Have you ever wondered why bicycles come with a relatively narrow range of crankarm lengths?
Most cranks commercially available range from 165 to 175 mm. This 1 cm span equals about 1/3 inch yet is supposed to fit riders from under 5 feet tall to well over 6 feet. Very tall cyclists can buy 180-mm cranks from a few companies, but that’s generally the upper limit without an investment in custom production.
So while widely available cranks differ in length by less than 1/2 inch, the riders on any weekend club ride can vary in height by almost 2 feet. That’s a huge discrepancy and seems completely out of proportion. Shouldn’t a rider who is 25% taller than another ride on cranks 25% longer?
Of course there are good reasons to avoid really long cranks. At a certain point they’d require changes in bicycle design. Long crankarms necessitate a high bottom bracket so you don’t hit a pedal on the ground when the bike is leaned over even slightly in corners.
Crank lengths are standardized over a narrow range more to fit existing bicycle design parameters than for any theorized physiological efficiency. There are traditional and aesthetic reasons too — extremely long or short cranks simply don’t look right on a bike. Over the years, guidelines for crank length have been generally accepted. Riders with crotch-to-floor measurements of less than 30 inches (76 cm) are usually sold 165- or 170-mm cranks, riders who measure 30-33 inches (76-84 cm) are guided toward 172.5-mm cranks, and taller riders end up on 175s. A few studies have attempted to find the ideal crank length and decide if rider inseam or height is the determining factor, but the results have been confusing and contradictory.
Martin’s Revolutionary Study
Jim Martin, Ph.D., from the University of Utah, has studies crank length. Using special adjustable crankarms, subjects rode with lengths ranging from 120 to 220 mm — a far wider range than is available commercially. Riders sprinted all-out for about 4 seconds on cranks of various lengths and their average power was recorded.
Most of us would assume large differences between the power output a rider is able to generate on crankarms only 120-mm long compared to 220-mm long. But amazingly, max power varied only 4% from the shortest to the longest cranks. And even more surprising, in a more normal crank range of 145 to 170 mm, the difference in power was a miniscule 1.6%.
Some riders agonize over crank length differences of 5 mm. Should I get a bike or a new crankset with 170-mm arms or 175-mm arms? If power in Martin’s study was affected only 1.6% with a 25-mm change in crank length, we can safely assume that it would change less than 1% when comparing the normal range of available crank lengths.

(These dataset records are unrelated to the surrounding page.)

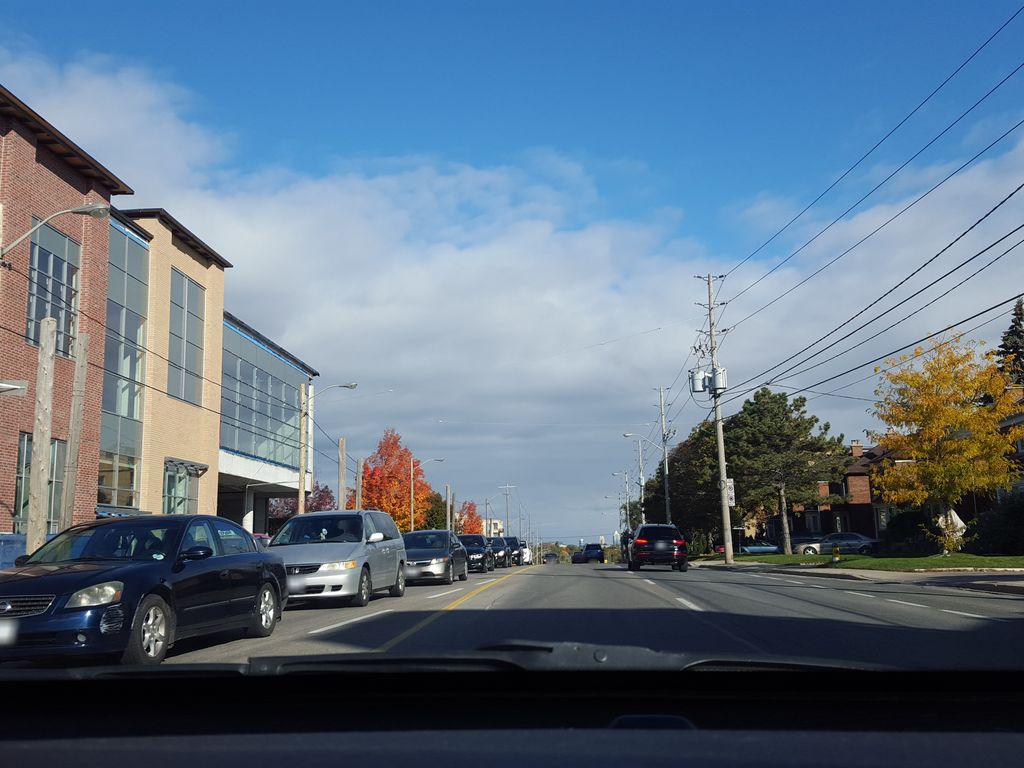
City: toronto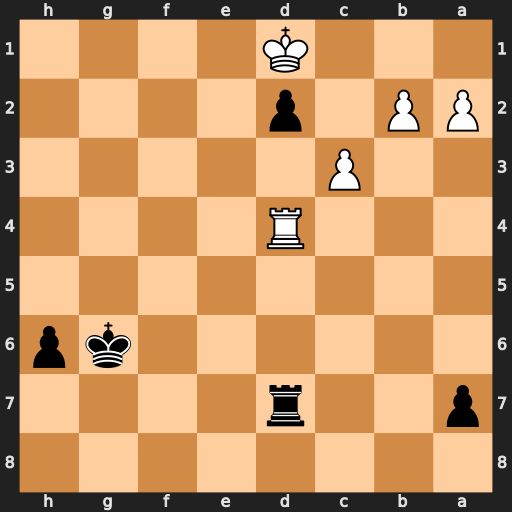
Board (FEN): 8/p2r4/6kp/8/3R4/2P5/PP1p4/3K4
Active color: b
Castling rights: -
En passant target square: -
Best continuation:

Even more surprising, there was no correlation to rider height and leg length. Commonly used 170-mm cranks compromised the power of the shortest and tallest riders by at most 0.5%. That’s only 6 watts out of the 1,200 watts generated by a powerful sprint. How about tests longer than 4 seconds? In a 30-second maximum effort, using cranks from 120 mm to 220 mm produced no differences in power output or rate of fatigue per crank revolution. Crank length simply didn’t matter.
So what’s the bottom line? According to Martin, “Cyclists can ride the crank length they prefer, without limiting power.” So the crank length that came on your bike is just fine. And you don’t need special cranks for time trials, sprinting or climbing.
Attention: Time Trialists
Martin’s study has a specific application for time trialists. Traditionally, TT specialists switch to 2.5- or 5-mm longer cranks for races against the clock, believing that greater length provides more leverage to push big gears during a time trial’s steady application of force.
However, Martin argues that because crank length doesn’t affect power production, time trialists should use the shortest commercially available crankarms — 165 mm. This will let them have a lower and, therefore, more aerodynamic position that’s likely to result in a faster ride.
After all, long cranks are longer not only on the downstroke but also at the top of the stroke where, in a time trial position on aerobars, the rider’s thighs tend to hit the chest. The longer the crank, the more the chest must be elevated, thus increasing frontal area and wind drag.
So with short cranks, a rider can get the chest lower without leg interference. The importance of a low frontal area in time trials is unquestioned. Pro teams spend thousands of dollars for wind tunnel research so they can determine the lowest and fastest position for their riders without compromising power. But they do it on bikes with long crankarms — often even longer than normal. Thanks to Martin’s study, we know that short crankarms allow a lower aero position without compromising wattage output.